Because Carraguard was proved safe, it might be reused in future studies that add antiviral drugs to the gel. "We will be developing the next generation of products using Carraguard as a base," said Robin Maguire, director of product development for the Population Council, a New York nonprofit.
The Population Council carried out the study with financial support from the Bill & Melinda Gates Foundation and the federal government's U.S. Agency for International Development.
All three organizations have pumped millions of dollars into research to find a microbicide. The long-term goal is to develop a gel or cream that could be inserted vaginally or rectally to block HIV infection.
In Africa, where many women have little control over whether their husband or partner will wear a condom, the development of female-controlled HIV-prevention technologies is a high priority that so far has yielded disappointing results.
In 2000, a study among South African prostitutes showed an alarming increase in HIV infections among those assigned to Nonoxynol-9, an already approved contraceptive gel that blocked the AIDS virus in the test tube. But it apparently also irritated vaginal tissues, providing more routes for HIV to invade the bloodstream.
In January 2007, two trials of an experimental microbicide, cellulose sulfate, were abruptly halted in Africa and India after an initial analysis showed it could be increasing the risk of HIV infection.
In July, a three-year African study testing whether simple use of a diaphragm might protect women from HIV found that it did not.
Two weeks ago, a major study exploring whether treating genital herpes infection with a common drug, acyclovir, could also reduce the risk of HIV infection in gay men and African women reported there was no protective effect.
In the Carraguard study, there are already strong indications that it might have failed because the women in the study were not able to use it consistently. Women typically utilized the product once a week, but sometimes up to 10 times a week. But during the course of the experiment, results showed women used it only 44 percent of the time they had sex.

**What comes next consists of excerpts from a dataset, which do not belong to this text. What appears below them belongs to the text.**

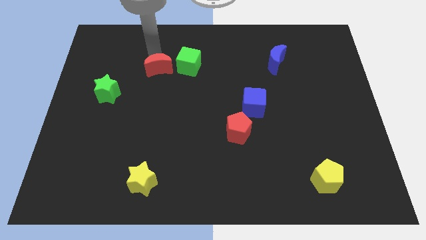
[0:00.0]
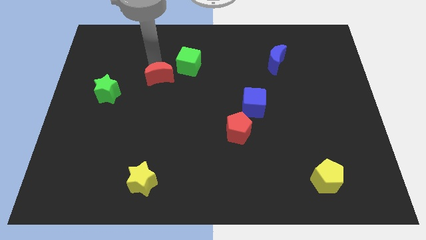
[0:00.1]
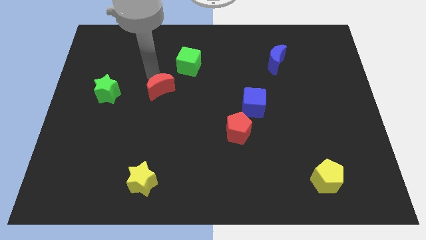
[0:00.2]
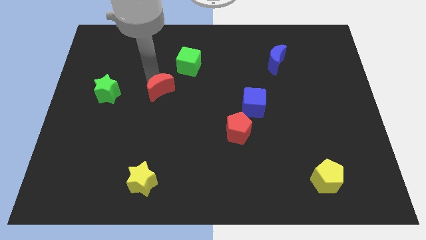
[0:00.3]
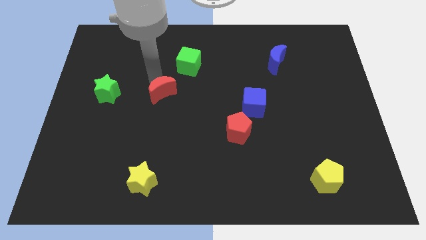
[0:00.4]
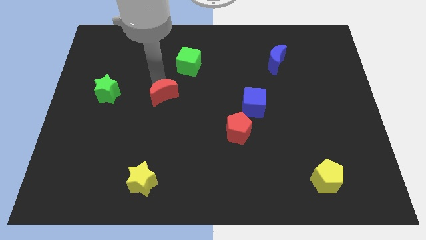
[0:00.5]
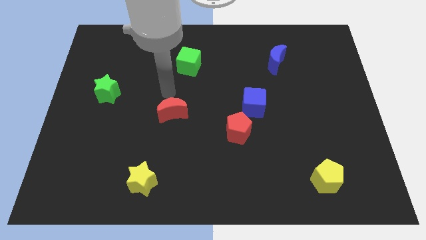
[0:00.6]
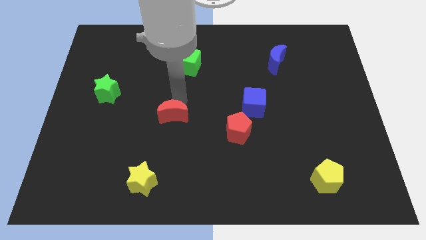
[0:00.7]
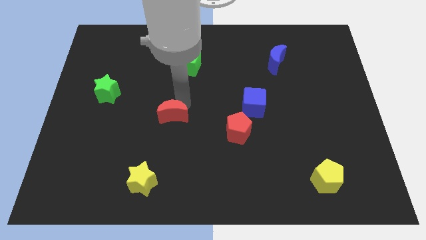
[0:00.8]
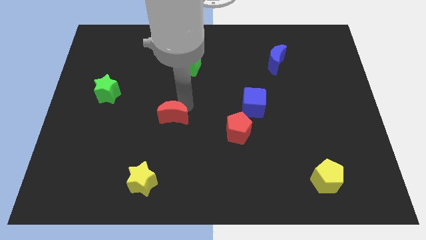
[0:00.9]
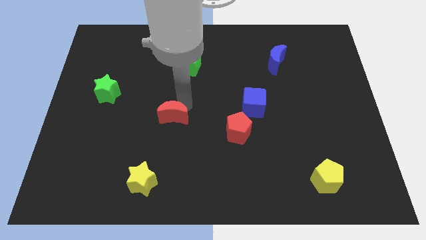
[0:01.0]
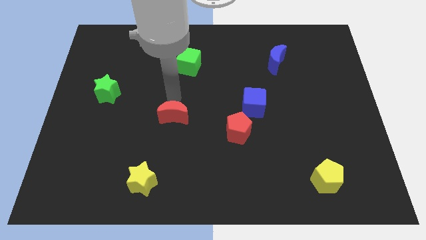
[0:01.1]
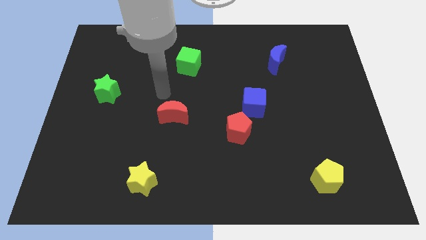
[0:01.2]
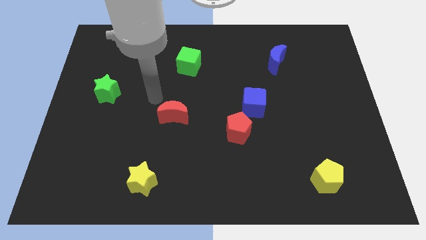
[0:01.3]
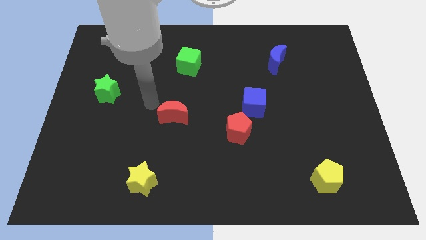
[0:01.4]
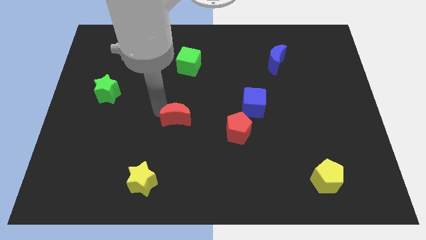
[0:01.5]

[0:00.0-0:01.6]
move the red crescent to left of red pentagon

"That overall number is low, and it could have had an impact," said Barbara Friedland, a Population Council researcher who coordinated behavioral studies in the trial.
Female participants in the trial did not know whether they received the active ingredient, Carraguard, or the placebo. Both groups were given condoms and counseled extensively to use them. It will take further analysis of the study results to determine whether patterns of condom use or failure to use the microbicide played any part in the outcome.
Carraguard had been considered a possible microbicide since 1994. Earlier, smaller studies had indicated it was safe, and that women found the feel, scent and texture of the product acceptable.
According to Population Council researcher Maguire, studies showed that Carraguard could withstand storage in the hot environmental conditions found in Africa for at least four years. The organization is now conducting early studies to determine whether Carraguard might work better if it was mixed with an antiviral drug normally used to treat HIV infection.